START Stored data
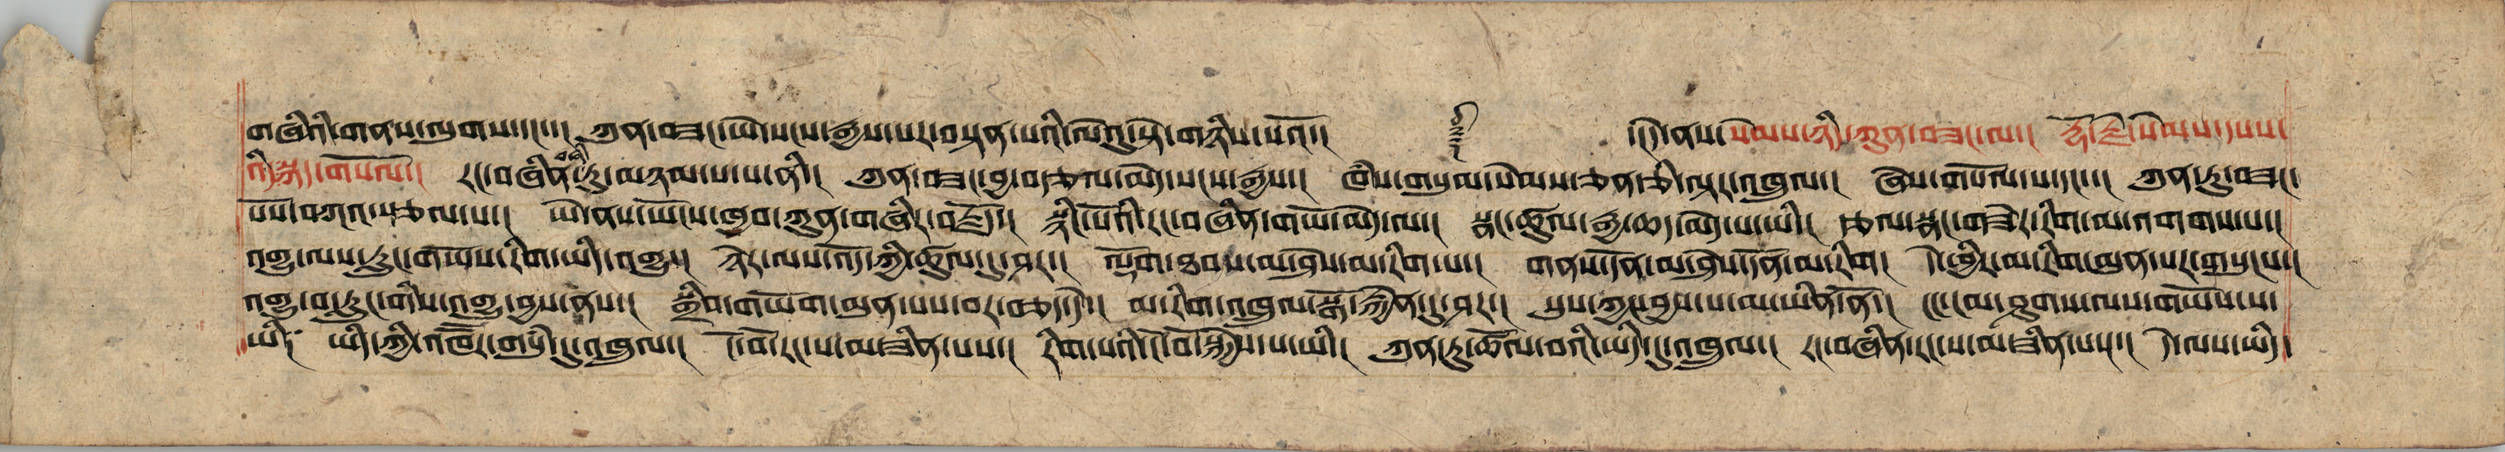གཞིའི་གནས་ལུགས་དང་་། ཀུན་བཟང་ཡེ་སངས་རྒྱས་པར་བསྟན་པའི་ལེའུ་སྟེ་གཉིས་པའོ་། ༈ ་།དེ་ནས་སེམས་ཉིད་ཀུན་བཟང་ལ་། རྡོ་རྗེ་སེམས་དཔས་
འདི་སྐད་གསོལ་། རང་བཞིན་རུ་མཉམ་ས་པ་ནི་། ཀུན་བཟང་བྱ་བརྩལ་མེད་སངས་རྒྱས་། ཁཾས་གསུམ་སེམས་ཅན་ཅི་ལྟར་འཁྲུལ་། ཞེས་གསོལ་པ་དང་་། ཀུན་ཏུ་བཟང་
པོས་བཀའ་སྩལ་པ་། ཡེ་ནས་ཡོངས་ཁྱབ་ཀུན་གཞིར་བརྗོད་། སྙིང་པོའི་རང་བཞིན་གཡོ་མེད་ལ་། སྣང་ཚུལ་རྒྱ་ཆད་མེད་པ་ཡི་། རྩལ་སྣང་གཟེར་རིག་མ་འགགས་པ་།
འགྱུ་ལས་རླུང་གཡོས་རིག་ཡིད་འགྱུ་། ཉེར་ལས་འོད་ཀྱི་ཚུལ་དུ་ཤར་། ལྡོག་ཐབས་མ་ཤེས་མ་རིག་པ་། གནས་དོན་མ་ཤེས་དོན་མ་རིག། དེ་ཕྱིར་མ་རིག་མུན་པར་གསུངས་།
འགྱུ་བ་རླུང་གིས་འགྱུ་བྱས་ནས་། སྒྲིབ་གཡོག་མུན་པས་བར་བཅད་དེ་། མ་རིག་འཁྲུལ་སྒོ་རྐྱེན་དུ་ཤར་། སུས་ཀྱང་བྱས་པ་མ་ཡིན་ནོ་། ངང་ངམ་ཤུགས་ལས་གཡོས་པ་
ཡི༑ ཡིད་ཀྱི་འཁཽར་གསུཾ་དུ་འཁྲུལ་། ངོ་བོ་རང་ས་མ་ཟིན་པས་། རིག་པའི་ངོ་བོ་སྐྱེས་པ་ཡི་། ཀུན་ཏུ་ཚོལ་བའི་ཡིད་དུ་འཁྲུལ་། རང་བཞིན་རང་ས་མ་ཟིན་པས་། དེ་ལས་ཡིད་
END Stored data
Set every record down verbatim. No pictures belong in the copy.

གཞིའི་གནས་ལུགས་དང་་། ཀུན་བཟང་ཡེ་སངས་རྒྱས་པར་བསྟན་པའི་ལེའུ་སྟེ་གཉིས་པའོ་། ༈ ་།དེ་ནས་སེམས་ཉིད་ཀུན་བཟང་ལ་། རྡོ་རྗེ་སེམས་དཔས་
འདི་སྐད་གསོལ་། རང་བཞིན་རུ་མཉམ་ས་པ་ནི་། ཀུན་བཟང་བྱ་བརྩལ་མེད་སངས་རྒྱས་། ཁཾས་གསུམ་སེམས་ཅན་ཅི་ལྟར་འཁྲུལ་། ཞེས་གསོལ་པ་དང་་། ཀུན་ཏུ་བཟང་
པོས་བཀའ་སྩལ་པ་། ཡེ་ནས་ཡོངས་ཁྱབ་ཀུན་གཞིར་བརྗོད་། སྙིང་པོའི་རང་བཞིན་གཡོ་མེད་ལ་། སྣང་ཚུལ་རྒྱ་ཆད་མེད་པ་ཡི་། རྩལ་སྣང་གཟེར་རིག་མ་འགགས་པ་།
འགྱུ་ལས་རླུང་གཡོས་རིག་ཡིད་འགྱུ་། ཉེར་ལས་འོད་ཀྱི་ཚུལ་དུ་ཤར་། ལྡོག་ཐབས་མ་ཤེས་མ་རིག་པ་། གནས་དོན་མ་ཤེས་དོན་མ་རིག། དེ་ཕྱིར་མ་རིག་མུན་པར་གསུངས་།
འགྱུ་བ་རླུང་གིས་འགྱུ་བྱས་ནས་། སྒྲིབ་གཡོག་མུན་པས་བར་བཅད་དེ་། མ་རིག་འཁྲུལ་སྒོ་རྐྱེན་དུ་ཤར་། སུས་ཀྱང་བྱས་པ་མ་ཡིན་ནོ་། ངང་ངམ་ཤུགས་ལས་གཡོས་པ་
ཡི༑ ཡིད་ཀྱི་འཁཽར་གསུཾ་དུ་འཁྲུལ་། ངོ་བོ་རང་ས་མ་ཟིན་པས་། རིག་པའི་ངོ་བོ་སྐྱེས་པ་ཡི་། ཀུན་ཏུ་ཚོལ་བའི་ཡིད་དུ་འཁྲུལ་། རང་བཞིན་རང་ས་མ་ཟིན་པས་། དེ་ལས་ཡིད་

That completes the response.